The proposed method is compared on the basis of CA, CE, precision, sensitivity, FM, and AUROC. It is worth to mention that the proposed model yields superior results in comparison to the various existing schemes as shown in the Table 11. The best outcome is observed on the PIDD + SM data set. The outcome of the considered performance indicators namely CA, CE, precision, sensitivity, FM and AUROC are 82.1256, 17.8744, 0.8070, 0.8598, 0.8326 and 0.8511, respectively. The second-best outcome is observed on PIDD + SM + GA data set. The outcome of the considered performance indicators namely CA, CE, precision, sensitivity, FM and AUROC are 80.1932, 19.8068, 0.7797, 0.8598, 0.8178 and 0.8490, respectively. The third best outcome is observed on both PIDD and PIDD + GA dataset. The outcome of the considered performance indicators namely CA, CE, precision, sensitivity, FM and AUROC are 79.5539, 20.4461, 0.7910, 0.5638, 0.6584 and 0.7619, respectively.
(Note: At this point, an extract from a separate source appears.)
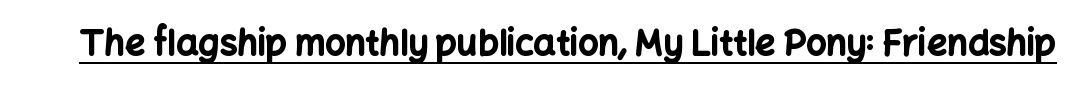
{"serif": "no", "italic": "no", "bold": "yes", "weight": "bold", "width": "normal", "stroke_contrast": "low", "x_height": "medium", "monospaced": "no", "underline": "yes", "letter_spacing": "normal", "letter_spacing_em": 0.0, "glyph_px": 35}

Table 11 Performance evaluation with other existing methods

The proposed PMSGD model addresses the issues of missing values, outlier detection and its handling in pre-processing. The dataset used in this work suffers from class imbalance problem. The proposed model solves this problem by oversampling the minority class using SMOTE that yields high-quality training datasets. Important attributes in the datasets are selected via feature selection method to eliminate the insignificant features to generate high-quality datasets using Correlation and GA. This reduced dimension of the dataset lowers the training complexity and solves the issues of over fitting. Further the processed data is used to predict whether the testing instance is suffering from diabetes or not. The remarkable observation observed in this experimentation is that the proposed PMSGD model outperforms other techniques as given in [45, 46]. The best outcome achieved by the proposed system in terms of CA, CE, precision, sensitivity, FM and AUROC is 82.1256%, 17.8744%, 0.8070%, 0.8598, 0.8326 and 0.8511, respectively.

5 Conclusion

In this paper, a novel PMSGD prediction model is proposed for diabetes disease classification that also addresses the problems of data imbalance, curse of dimensionality and missing data values in the diabetes datasets. The difficulty of dealing with imbalanced data sets is that most AI approaches neglect the minority class thereby leading to inconsistent results. In this regard, the proposed model uses SMOTE to oversample the minority class in its pre-processing stage whereas makes use of correlation and GA to extract significant features. Through simulation of feature selection, it is observed that Glucose, BMI, Diabetes Pedigree Function and Age are the significant features of individuals in the PIDD. On the basis of the outcome of feature selection, the training and testing sets are formed. The training set is used to train the proposed PMSGD prediction model and testing set is used to test its efficacy. The proposed model outperforms the existing models in terms of various metrics such as CA, CE, precision, sensitivity, FM, and AUROC. The best outcome achieved by the proposed system in terms of CA, CE, precision, sensitivity, FM and AUROC is 82.1256%, 17.8744%, 0.8070%, 0.8598, 0.8326 and 0.8511, respectively. In future work, the proposed model can be tested for automatic diabetes analysis and prediction with high precision. Testing its applicability to diagnose other diseases can serve as another research direction. Also, pruning the rule sets of the proposed PMSGD model can be an interesting future research work. Furthermore, implementation of various nature-inspired algorithms such as PSO, ACO, grass hopper optimization, grey wolf optimization, Jaya algorithm or fruit fly optimization may be investigated so as to increase the accuracy and reduce the dimensionality of the dataset and consequently mitigate the time complexity.